Credit: Chelsey Stuyt
Progress Lab (1422 William Street) to November 22, 2025
Tickets from $25 at www.rumble.org
Posted November 9, 2025
This might be the strangest love story you’ve ever seen – if it is a love story.
In this play by British, Emmy award-winning Lucy Prebble, Connie (Paige Louter) and Tristan (Andy Kalirai) are volunteers in a clinical trial of a new dopamine-regulating antidepressant. Connie is a psychology student; Tristan is a bit of a lost soul, not sure where he’s going. Chemistry between them? None. But as the trial proceeds with regularly increasing dosages, they are more and more attracted to each other. Is it just the drug? It matters to Connie if it is or not; to Tristan, not so much. And is it lust or is it love – a question many of us have asked ourselves at some point in our life.
The trial is being overseen by Dr. Lorna James (Meghan Gardiner), hired by Dr. Toby Sealey (Anthony Santiago), head of a pharmaceutical research lab.
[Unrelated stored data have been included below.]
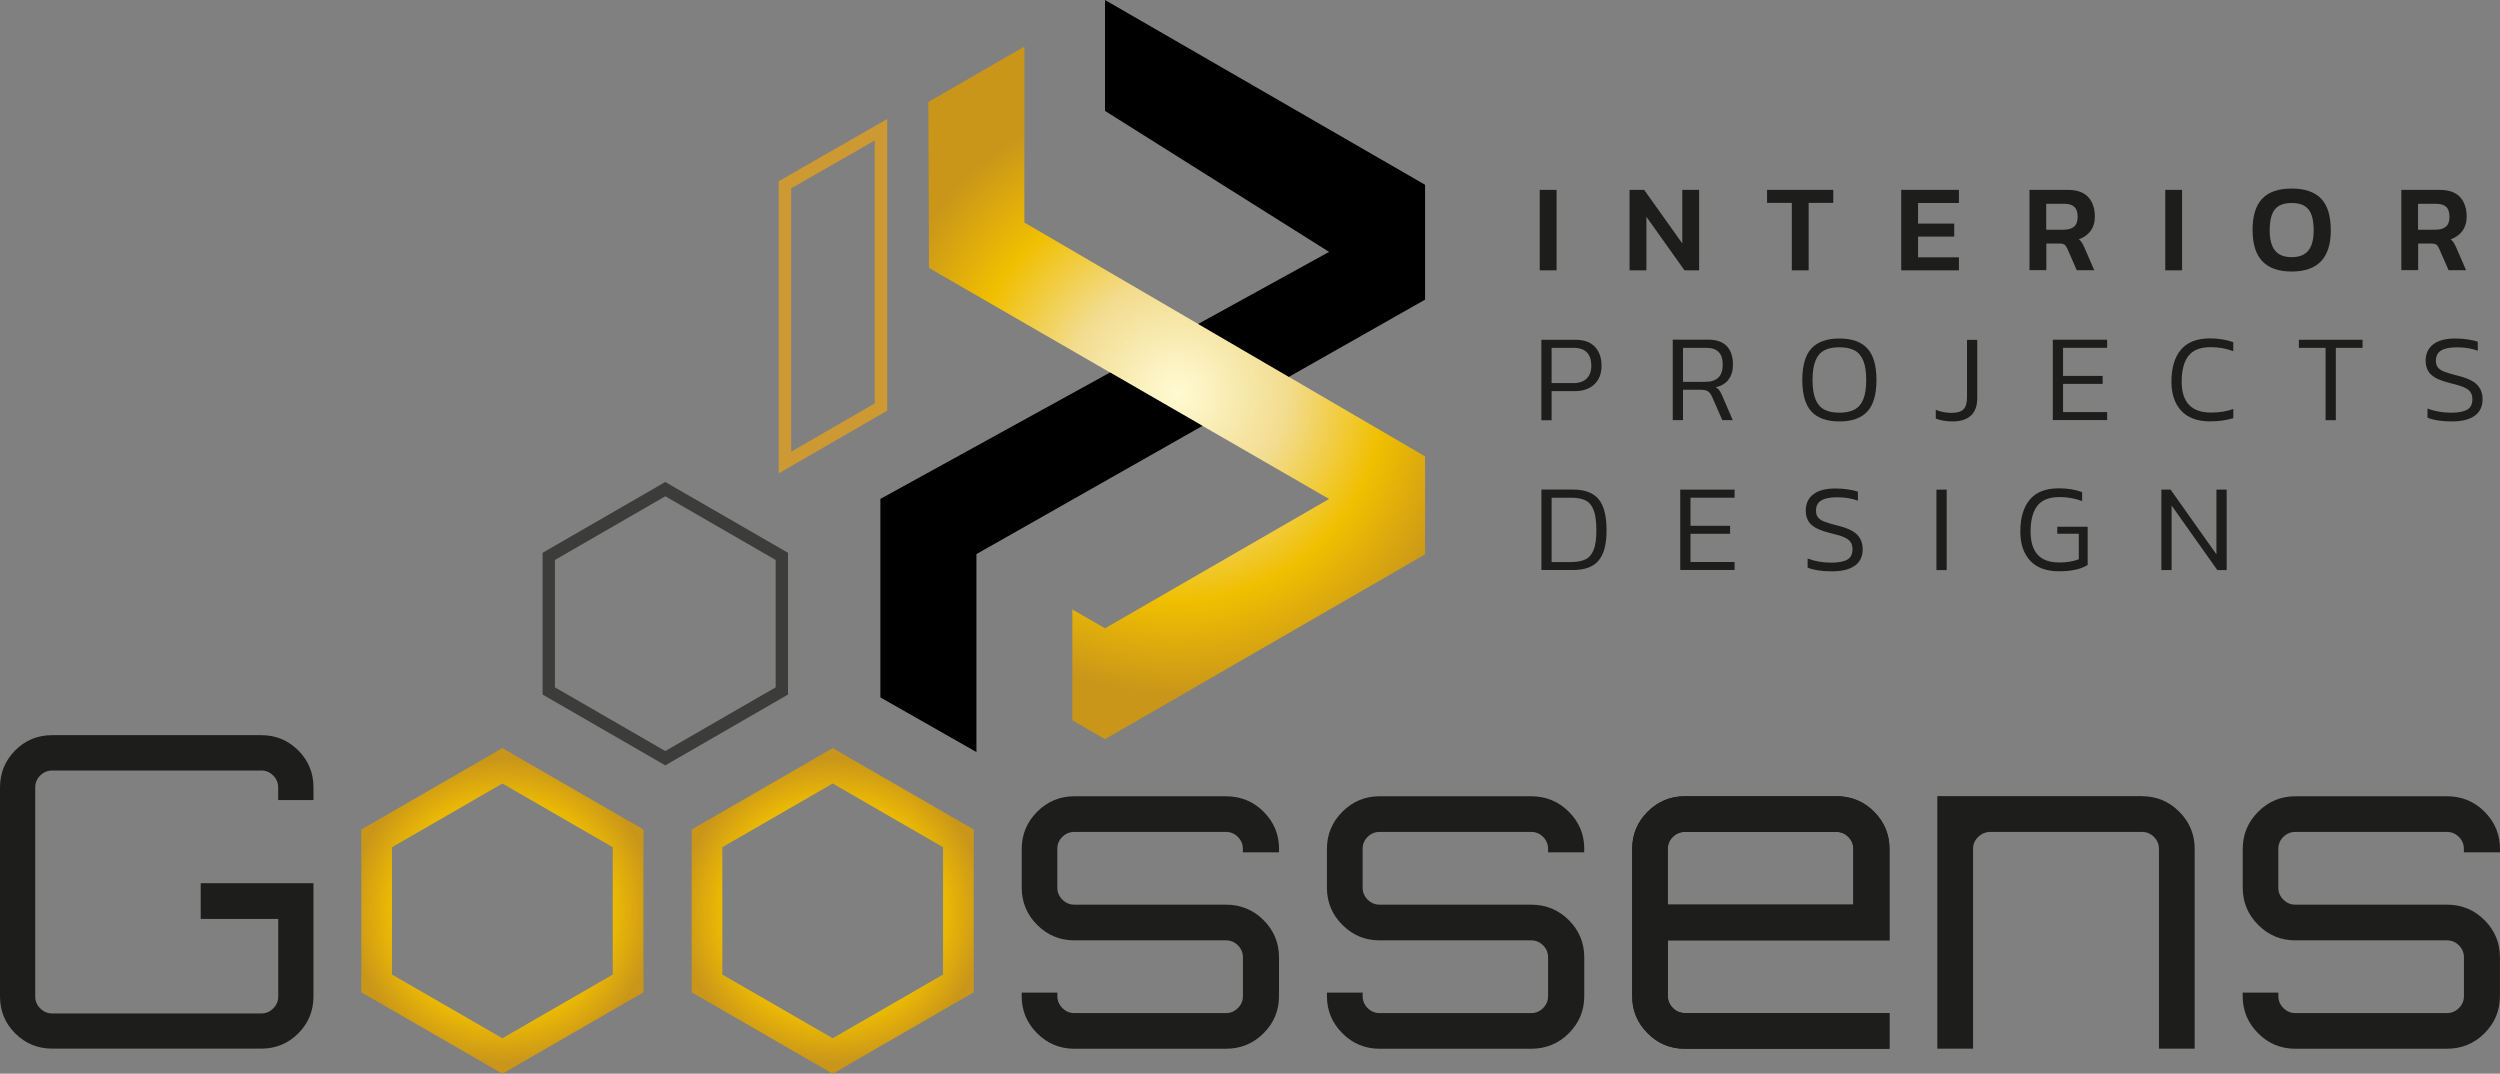 <?xml version="1.0" encoding="UTF-8"?>
<svg id="Laag_1" data-name="Laag 1" xmlns="http://www.w3.org/2000/svg" xmlns:xlink="http://www.w3.org/1999/xlink" viewBox="0 0 417.26 179.2">
  <rect x="0" y="0" width="417.26" height="179.2" fill="#808080" stroke="none"/>
  <defs>
    <style>
      .cls-1 {
        fill: #cc9932;
      }

      .cls-2 {
        fill: #1d1d1b;
      }

      .cls-3 {
        fill: #3c3c3b;
      }

      .cls-4 {
        fill: url(#Goudkleurig_radiaal-3);
      }

      .cls-5 {
        fill: url(#Goudkleurig_radiaal);
      }

      .cls-6 {
        fill: url(#Goudkleurig_radiaal-2);
      }
    </style>
    <radialGradient id="Goudkleurig_radiaal" data-name="Goudkleurig radiaal" cx="83.85" cy="152.03" fx="83.85" fy="152.03" r="25.41" gradientUnits="userSpaceOnUse">
      <stop offset="0" stop-color="#fffad2"/>
      <stop offset=".11" stop-color="#fbf2c0"/>
      <stop offset=".34" stop-color="#f3de94"/>
      <stop offset=".37" stop-color="#f2dc8e"/>
      <stop offset=".69" stop-color="#f0bf00"/>
      <stop offset="1" stop-color="#c9961a"/>
    </radialGradient>
    <radialGradient id="Goudkleurig_radiaal-2" data-name="Goudkleurig radiaal" cx="138.98" fx="138.98" r="25.41" xlink:href="#Goudkleurig_radiaal"/>
    <radialGradient id="Goudkleurig_radiaal-3" data-name="Goudkleurig radiaal" cx="196.4" cy="65.57" fx="196.4" fy="65.57" r="50.3" xlink:href="#Goudkleurig_radiaal"/>
  </defs>
  <path class="cls-2" d="M52.32,131.43v2.11h-5.89v-2.11c0-.78-.28-1.44-.84-2-.56-.56-1.22-.83-2-.83H8.72c-.78,0-1.44.28-2,.83s-.84,1.22-.84,2v34.88c0,.77.28,1.44.84,2,.56.56,1.22.84,2,.84h34.88c.77,0,1.44-.28,2-.84s.84-1.22.84-2v-12.94h-12.94v-5.96h18.82v18.89c0,2.42-.85,4.48-2.54,6.18-1.7,1.7-3.76,2.54-6.18,2.54H8.72c-2.42,0-4.48-.85-6.18-2.54-1.7-1.7-2.54-3.75-2.54-6.18v-34.88c0-2.42.85-4.48,2.54-6.18,1.69-1.7,3.75-2.54,6.18-2.54h34.88c2.42,0,4.48.85,6.18,2.54,1.69,1.7,2.54,3.75,2.54,6.18Z"/>
  <path class="cls-2" d="M213.47,141.68v.58h-6.03v-.58c0-.78-.28-1.44-.84-2-.56-.56-1.22-.83-2-.83h-25.29c-.78,0-1.44.28-2,.83s-.84,1.22-.84,2v6.47c0,.78.28,1.44.84,2,.56.56,1.22.84,2,.84h25.29c2.47,0,4.57.86,6.29,2.58,1.72,1.72,2.58,3.79,2.58,6.21v6.47c0,2.42-.86,4.49-2.58,6.21-1.72,1.72-3.82,2.58-6.29,2.58h-25.29c-2.42,0-4.49-.86-6.21-2.58-1.72-1.72-2.58-3.79-2.58-6.21v-.58h5.96v.58c0,.78.28,1.44.84,2,.56.56,1.22.84,2,.84h25.29c.77,0,1.44-.28,2-.84.56-.56.84-1.22.84-2v-6.47c0-.77-.28-1.44-.84-2-.56-.56-1.22-.83-2-.83h-25.29c-2.42,0-4.49-.86-6.21-2.58-1.72-1.72-2.58-3.79-2.58-6.21v-6.47c0-2.42.86-4.49,2.58-6.21,1.72-1.72,3.79-2.58,6.21-2.58h25.29c2.47,0,4.57.86,6.29,2.58,1.72,1.72,2.58,3.79,2.58,6.21Z"/>
  <path class="cls-2" d="M264.41,141.68v.58h-6.03v-.58c0-.78-.28-1.44-.83-2-.56-.56-1.23-.83-2-.83h-25.29c-.77,0-1.44.28-2,.83-.56.56-.83,1.22-.83,2v6.47c0,.78.28,1.44.83,2,.56.56,1.23.84,2,.84h25.29c2.47,0,4.56.86,6.29,2.58,1.72,1.72,2.58,3.79,2.58,6.21v6.47c0,2.42-.86,4.49-2.58,6.21-1.72,1.72-3.82,2.58-6.29,2.58h-25.29c-2.42,0-4.49-.86-6.21-2.58-1.72-1.72-2.58-3.79-2.58-6.21v-.58h5.96v.58c0,.78.28,1.44.83,2,.56.56,1.23.84,2,.84h25.29c.77,0,1.44-.28,2-.84.55-.56.83-1.22.83-2v-6.47c0-.77-.28-1.44-.83-2-.56-.56-1.23-.83-2-.83h-25.29c-2.42,0-4.49-.86-6.21-2.58-1.72-1.72-2.58-3.79-2.58-6.21v-6.47c0-2.42.86-4.49,2.58-6.21,1.72-1.72,3.79-2.58,6.21-2.58h25.29c2.47,0,4.56.86,6.29,2.58,1.72,1.72,2.58,3.79,2.58,6.21Z"/>
  <path class="cls-2" d="M306.5,132.89c2.47,0,4.56.86,6.28,2.58s2.58,3.79,2.58,6.21v15.26h-36.99v9.3c0,.78.28,1.44.84,2,.56.56,1.22.84,2,.84h34.15v5.96h-34.15c-2.42,0-4.5-.86-6.21-2.58-1.72-1.72-2.58-3.79-2.58-6.21v-24.56c0-2.42.86-4.49,2.58-6.21,1.72-1.72,3.79-2.58,6.21-2.58h25.29ZM278.37,150.98h30.96v-9.3c0-.78-.28-1.44-.84-2-.56-.56-1.22-.83-2-.83h-25.29c-.78,0-1.44.28-2,.83s-.84,1.22-.84,2v9.3Z"/>
  <path class="cls-2" d="M357.51,132.89c2.42,0,4.49.86,6.21,2.58s2.58,3.79,2.58,6.21v33.35h-5.96v-33.35c0-.78-.28-1.44-.84-2-.56-.56-1.22-.83-2-.83h-25.29c-.78,0-1.45.28-2.03.83-.58.56-.87,1.22-.87,2v33.35h-5.96v-42.15h34.15Z"/>
  <path class="cls-2" d="M417.26,141.68v.58h-6.03v-.58c0-.78-.28-1.44-.84-2-.56-.56-1.22-.83-2-.83h-25.29c-.78,0-1.44.28-2,.83s-.84,1.22-.84,2v6.47c0,.78.28,1.44.84,2,.56.56,1.22.84,2,.84h25.29c2.47,0,4.56.86,6.28,2.58,1.72,1.72,2.58,3.79,2.58,6.21v6.47c0,2.42-.86,4.49-2.58,6.21s-3.82,2.58-6.28,2.58h-25.29c-2.42,0-4.5-.86-6.21-2.58-1.72-1.72-2.58-3.79-2.58-6.21v-.58h5.96v.58c0,.78.28,1.44.84,2,.56.56,1.22.84,2,.84h25.29c.77,0,1.44-.28,2-.84s.84-1.22.84-2v-6.47c0-.77-.28-1.44-.84-2-.56-.56-1.22-.83-2-.83h-25.29c-2.42,0-4.5-.86-6.21-2.58-1.72-1.72-2.58-3.79-2.58-6.21v-6.47c0-2.42.86-4.49,2.58-6.21,1.72-1.72,3.79-2.58,6.21-2.58h25.29c2.47,0,4.56.86,6.28,2.58s2.58,3.79,2.58,6.21Z"/>
  <path class="cls-5" d="M83.85,130.77l18.42,10.63v21.26l-18.42,10.63-18.42-10.63v-21.26l18.42-10.63M83.85,124.86l-2.56,1.48-18.42,10.63-2.56,1.48v27.17l2.56,1.48,18.42,10.63,2.56,1.48,2.56-1.48,18.42-10.63,2.56-1.48v-27.17l-2.56-1.48-18.42-10.63-2.56-1.48h0Z"/>
  <path class="cls-6" d="M138.98,130.77l18.42,10.63v21.26l-18.42,10.63-18.42-10.63v-21.26l18.42-10.63M138.98,124.86l-2.56,1.48-18.42,10.63-2.56,1.48v27.17l2.56,1.48,18.42,10.63,2.56,1.48,2.56-1.48,18.42-10.63,2.56-1.48v-27.17l-2.56-1.48-18.42-10.63-2.56-1.48h0Z"/>
  <path class="cls-3" d="M111.04,82.83l18.42,10.63v21.26l-18.42,10.63-18.42-10.63v-21.26l18.42-10.63M111.04,80.44l-1.03.6-18.42,10.63-1.03.6v23.65l1.03.6,18.42,10.63,1.03.6,1.03-.6,18.42-10.63,1.03-.6v-23.65l-1.03-.6-18.42-10.63-1.03-.6h0Z"/>
  <path class="cls-1" d="M129.97,79V30.24l18.11-10.38v48.68l-18.11,10.47ZM132.05,31.45v43.94l13.94-8.06V23.45l-13.94,7.99Z"/>
  <path class="cls-2" d="M306.5,132.89c2.47,0,4.56.86,6.28,2.58s2.58,3.79,2.58,6.21v15.26h-36.99v9.3c0,.78.28,1.44.84,2,.56.56,1.22.84,2,.84h34.15v5.96h-34.15c-2.42,0-4.5-.86-6.21-2.58-1.72-1.72-2.58-3.79-2.58-6.21v-24.56c0-2.42.86-4.49,2.58-6.21,1.72-1.72,3.79-2.58,6.21-2.58h25.29ZM278.37,150.98h30.96v-9.3c0-.78-.28-1.44-.84-2-.56-.56-1.22-.83-2-.83h-25.29c-.78,0-1.44.28-2,.83s-.84,1.22-.84,2v9.3Z"/>
  <g>
    <path class="cls-2" d="M256.99,31.69h2.81v13.43h-2.81v-13.43Z"/>
    <path class="cls-2" d="M271.98,31.69h2.44l6.36,8.94v-8.94h2.81v13.43h-2.44l-6.36-8.94v8.94h-2.81v-13.43Z"/>
    <path class="cls-2" d="M299.06,33.86h-4.13v-2.17h11.05v2.17h-4.11v11.26h-2.81v-11.26Z"/>
    <path class="cls-2" d="M317.32,31.69h9.63v2.19h-6.82v3.44h6.04v2.17h-6.04v3.46h6.82v2.17h-9.63v-13.43Z"/>
    <path class="cls-2" d="M338.71,31.69h6.44c1.5,0,2.62.4,3.37,1.19.74.79,1.12,1.9,1.12,3.31,0,.9-.23,1.68-.7,2.33s-1.12,1.13-1.97,1.42c.21.18.38.37.51.57.13.2.27.48.43.84l1.63,3.75h-2.92l-1.58-3.61c-.14-.32-.3-.54-.47-.66-.17-.12-.45-.18-.82-.18h-2.21v4.44h-2.81v-13.43ZM344.42,38.34c.76,0,1.35-.17,1.75-.51.4-.34.6-.89.6-1.64s-.18-1.3-.54-1.65c-.36-.35-.91-.52-1.65-.52h-3.06v4.32h2.9Z"/>
    <path class="cls-2" d="M361.39,31.69h2.81v13.43h-2.81v-13.43Z"/>
    <path class="cls-2" d="M375.96,38.46c0-2.42.54-4.19,1.62-5.31,1.08-1.12,2.71-1.68,4.91-1.68s3.83.56,4.91,1.68c1.08,1.12,1.62,2.89,1.62,5.31,0,4.57-2.17,6.86-6.53,6.86s-6.52-2.29-6.52-6.86ZM385.26,41.83c.6-.73.9-1.85.9-3.37,0-1.65-.29-2.83-.88-3.53-.58-.7-1.51-1.05-2.79-1.05s-2.21.35-2.79,1.05c-.58.7-.88,1.88-.88,3.53,0,1.51.3,2.64.9,3.37.6.73,1.52,1.09,2.77,1.09s2.17-.36,2.77-1.09Z"/>
    <path class="cls-2" d="M400.77,31.69h6.44c1.5,0,2.62.4,3.37,1.19.74.79,1.12,1.9,1.12,3.31,0,.9-.23,1.68-.7,2.33s-1.12,1.13-1.97,1.42c.21.18.38.37.51.57.13.2.27.48.43.84l1.63,3.75h-2.92l-1.58-3.61c-.14-.32-.3-.54-.47-.66-.17-.12-.45-.18-.82-.18h-2.21v4.44h-2.81v-13.43ZM406.48,38.34c.76,0,1.35-.17,1.75-.51.4-.34.6-.89.6-1.64s-.18-1.3-.54-1.65c-.36-.35-.91-.52-1.65-.52h-3.06v4.32h2.9Z"/>
    <path class="cls-2" d="M266.11,64.14c-.8.76-1.89,1.14-3.26,1.14h-3.88v4.86h-1.71v-13.43h5.67c1.45,0,2.54.39,3.27,1.18.74.79,1.1,1.84,1.1,3.16s-.4,2.34-1.2,3.1ZM264.83,63.17c.51-.51.77-1.22.77-2.13,0-.96-.24-1.7-.73-2.21s-1.22-.77-2.19-.77h-3.71v5.88h3.61c.99,0,1.74-.26,2.25-.77Z"/>
    <path class="cls-2" d="M288.51,63.34c-.49.65-1.2,1.08-2.13,1.3.26.15.47.33.6.53.14.2.3.5.48.91l1.75,4.04h-1.75l-1.71-3.9c-.2-.44-.43-.75-.7-.92-.27-.17-.71-.25-1.32-.25h-2.83v5.07h-1.71v-13.43h5.9c1.4,0,2.45.36,3.13,1.09.68.73,1.02,1.75,1.02,3.07,0,1-.24,1.82-.73,2.47ZM287.53,60.87c0-1.88-.9-2.81-2.69-2.81h-3.94v5.67h3.71c1.95,0,2.92-.95,2.92-2.86Z"/>
    <path class="cls-2" d="M311.68,68.67c-1.01,1.11-2.57,1.67-4.68,1.67s-3.67-.56-4.68-1.67c-1.01-1.11-1.51-2.86-1.51-5.25s.5-4.14,1.51-5.25,2.57-1.67,4.68-1.67,3.67.56,4.68,1.67c1.01,1.11,1.51,2.86,1.51,5.25s-.5,4.14-1.51,5.25ZM311,60.22c-.32-.8-.81-1.38-1.46-1.73-.65-.35-1.5-.53-2.54-.53s-1.89.18-2.54.53c-.65.35-1.14.93-1.46,1.73-.32.8-.48,1.87-.48,3.2s.16,2.4.48,3.2c.32.8.81,1.38,1.46,1.73.65.35,1.5.53,2.54.53s1.89-.18,2.54-.53c.65-.35,1.14-.93,1.46-1.73.32-.8.48-1.87.48-3.2s-.16-2.4-.48-3.2Z"/>
    <path class="cls-2" d="M328.98,69.33c-.69.67-1.71,1.01-3.08,1.01-1.07,0-2.01-.16-2.81-.48v-1.46c.33.15.74.27,1.22.37s.94.14,1.39.14c.96,0,1.63-.2,2.02-.6.39-.4.58-1.06.58-1.98v-9.61h1.71v9.74c0,1.25-.34,2.21-1.03,2.89Z"/>
    <path class="cls-2" d="M342.62,56.7h9.07v1.35h-7.36v4.69h6.61v1.33h-6.61v4.71h7.36v1.33h-9.07v-13.43Z"/>
    <path class="cls-2" d="M372.75,68.27v1.52c-1.17.36-2.46.54-3.88.54-2.11,0-3.71-.59-4.81-1.77-1.09-1.18-1.64-2.8-1.64-4.86,0-2.28.52-4.05,1.57-5.32,1.05-1.26,2.67-1.9,4.85-1.9,1.43,0,2.73.21,3.9.63v1.5c-1.18-.44-2.43-.67-3.75-.67-1.74,0-2.98.49-3.73,1.46-.75.97-1.13,2.4-1.13,4.29,0,3.45,1.63,5.17,4.9,5.17,1.4,0,2.64-.2,3.71-.6Z"/>
    <path class="cls-2" d="M389.86,70.13h-1.71v-12.07h-4.46v-1.35h10.63v1.35h-4.46v12.07Z"/>
    <path class="cls-2" d="M413.05,69.38c-.87.64-2.15.96-3.85.96s-3.02-.21-4.04-.63v-1.52c1.22.46,2.52.69,3.9.69,1.24,0,2.14-.17,2.72-.5s.87-.92.87-1.75c0-.51-.12-.93-.36-1.24-.24-.31-.63-.58-1.15-.79-.52-.22-1.28-.44-2.28-.68-1.47-.36-2.51-.83-3.11-1.4s-.9-1.35-.9-2.33c0-1.17.42-2.07,1.26-2.72.84-.65,2.08-.97,3.72-.97.72,0,1.42.05,2.1.16.67.1,1.21.23,1.62.37v1.5c-1.06-.38-2.2-.56-3.44-.56s-2.07.17-2.66.52c-.59.35-.89.92-.89,1.71,0,.46.1.83.31,1.1.21.28.56.52,1.05.72.49.2,1.23.42,2.2.66,1.57.38,2.67.88,3.29,1.51s.94,1.45.94,2.45c0,1.2-.43,2.11-1.3,2.75Z"/>
    <path class="cls-2" d="M266.81,93.56c-.89,1.06-2.32,1.58-4.29,1.58h-5.25v-13.43h5.25c1.96,0,3.39.53,4.28,1.59.9,1.06,1.34,2.8,1.34,5.2s-.44,3.99-1.33,5.05ZM266.01,85.21c-.28-.78-.72-1.34-1.32-1.66-.6-.32-1.43-.48-2.49-.48h-3.23v10.74h3.23c1,0,1.8-.15,2.41-.44.6-.29,1.06-.82,1.37-1.58s.46-1.85.46-3.27-.14-2.52-.42-3.3Z"/>
    <path class="cls-2" d="M280.44,81.72h9.07v1.35h-7.36v4.69h6.61v1.33h-6.61v4.71h7.36v1.33h-9.07v-13.43Z"/>
    <path class="cls-2" d="M309.59,94.4c-.87.64-2.15.96-3.85.96s-3.02-.21-4.04-.62v-1.52c1.22.46,2.52.69,3.9.69,1.24,0,2.14-.17,2.72-.5.58-.33.87-.92.87-1.75,0-.51-.12-.93-.36-1.24-.24-.31-.63-.58-1.15-.79-.52-.22-1.28-.44-2.28-.68-1.47-.36-2.51-.83-3.11-1.4s-.9-1.35-.9-2.33c0-1.17.42-2.07,1.26-2.72.84-.65,2.08-.97,3.72-.97.72,0,1.42.05,2.1.16.67.1,1.21.23,1.62.37v1.5c-1.06-.38-2.2-.56-3.44-.56s-2.07.17-2.66.52c-.59.35-.89.92-.89,1.71,0,.46.1.83.31,1.1.21.28.56.52,1.05.72.49.2,1.23.42,2.2.66,1.57.38,2.67.88,3.29,1.51s.94,1.45.94,2.45c0,1.2-.43,2.11-1.3,2.75Z"/>
    <path class="cls-2" d="M323.2,81.72h1.71v13.43h-1.71v-13.43Z"/>
    <path class="cls-2" d="M346.96,93.35v-4.27h-3.59v-1.17h5.07v6.38c-1.11.71-2.71,1.06-4.79,1.06s-3.71-.59-4.81-1.77c-1.09-1.18-1.64-2.8-1.64-4.86,0-2.28.52-4.05,1.57-5.32,1.05-1.26,2.67-1.9,4.85-1.9,1.43,0,2.73.21,3.9.63v1.5c-1.18-.44-2.43-.67-3.75-.67-1.74,0-2.98.49-3.73,1.46-.75.97-1.13,2.4-1.13,4.29,0,1.7.39,2.98,1.17,3.86.78.88,2,1.31,3.67,1.31,1.21,0,2.28-.18,3.21-.54Z"/>
    <path class="cls-2" d="M362.45,95.15h-1.71v-13.43h1.54l7.65,10.8v-10.8h1.71v13.43h-1.56l-7.63-10.78v10.78Z"/>
  </g>
  <polygon class="cls-4" points="170.97 7.77 154.95 17.02 155.05 44.72 221.83 83.28 184.43 104.87 178.98 101.72 178.98 120.22 184.43 123.37 237.85 92.53 237.85 76.17 170.97 37.14 170.97 7.77"/>
  <g>
    <polygon points="146.94 83.27 146.94 116.4 162.97 125.52 162.97 92.48 200.7 71.08 185.27 62.17 146.94 83.27"/>
    <polygon points="184.43 0 184.43 18.51 221.83 42.04 199.98 54.07 215.12 62.9 237.85 50.01 237.85 30.84 184.43 0"/>
  </g>
</svg>

It turns out they have history and, in a way, Lorna is also on trial.

Credit: Chelsey Stuyt
Directing for Rumble Theatre and ITSAZOO, Jiv Parasram brings the audience, seated on two sides of the performance area, very close to the action. A mostly bare stage with two plexiglass booths where Connie and Tristan change into sweats, gives the effect of us seeing something we should not be watching: Tristan and Connie as lab rats. It’s not clear exactly where they are; it appears to be a room where they are left alone. Are they being observed?
The Effect raises all sorts of questions not the least of which are the ethical issues surrounding drug testing. Are volunteers really made aware of the possible side-effects, given that those administering the drugs don’t know? And as consumers of drugs, are we culpable for the volunteers who might suffer long-lasting issues after the tests conclude? And who are these volunteers? The poor? The vulnerable?

Credit: Chelsey Stuyt
But The Effect also questions the very nature of love. Is it simply neurochemistry: the giddy, heart-pounding, hyper-awareness that comes with falling in love? Is the ‘heart’ involved at all?
It might be wishful thinking, but I think the final scenes suggest the playwright believes there is love beyond dopamine. Of course, it could just be guilt in the case of Connie and Tristan.
The intensity of this theatre experience is extremely heightened by the minimalist staging (by Monica Emme), lighting (Phil Miguel) and stellar performances. Louter and Kalirai are initially like two, ordinary young adults – playful, teasing, testing each other. Kalirai, as Tristan, tries to woo Connie with an improv dance; Louter, as Connie, responds with laughing and the two end up dancing. But as the dosages relentlessly increase, their relationship – and it is now a relationship – Louter and Kalirai turn up the heat. Intimate scenes are tastefully choreographed by Lisa Goebel.

Credit: Chelsey Stuyt
As Lorna, Gardiner is all efficiency, handing out the pills, checking to see that they have been swallowed. Her Lorna is an objective, professional observer. But objectivity begins to break down when Toby turns up to see how the test is going. Gardiner takes her character on an emotional journey that is as searing as the one Connie and Tristan experience.
If there is a villain, and The Effect is, after all, a thriller of sorts, it’s Dr. Toby Sealey. Santiago’s Toby is unshakeably confident, even cocky and unperturbed at the havoc the drug is wreaking on Connie and Tristan. The bottom line: if, as Toby says, this drug is “Viagra for the heart”, there is money to be made. Lots of money.
While The Effect mostly rings brutally true, there are reality leaps in the script that work against the situation’s authenticity; when Tristan and Connie tear off their monitors, surely alarm bells should go off somewhere. And there are several times when the test should have been stopped, when protocol was broken or when aggressive behaviour was exhibited. Eventually I had to let go and accept that the playwright offers us a metaphorical or Kafka-esque situation in direct contrast to the very real data that we see projected on the screen: the heart rate, the number of milligrams, etcetera.

Credit: Chelsey Stuyt
In fairytales and folktales – even in the works of Shakespeare – humankind has always sought shortcuts to love, for ‘love potions’ that take the possibility of failure out of wooing. Is a psychiatrist issuing a dopamine-regulating drug that far removed from an apothecary with a little bag of herbs or a bartender pouring an extra shot? Remember the old rhyme: “Candy is dandy/but liquor is quicker.”
Prebble’s play raises all sorts of interesting questions about love, desire, neuroscience and the ethics of pharmaceutical testing. Seeing The Effect may change the way you reach for your meds whatever they are. Who (or what) suffered so we might live with little or no physical or mental distress?
Provocative and sometimes funny – although increasingly less so as Connie and Tristan descend into their drug-induced state – The Effect is in-your-face theatre that will leave you with more questions than answers.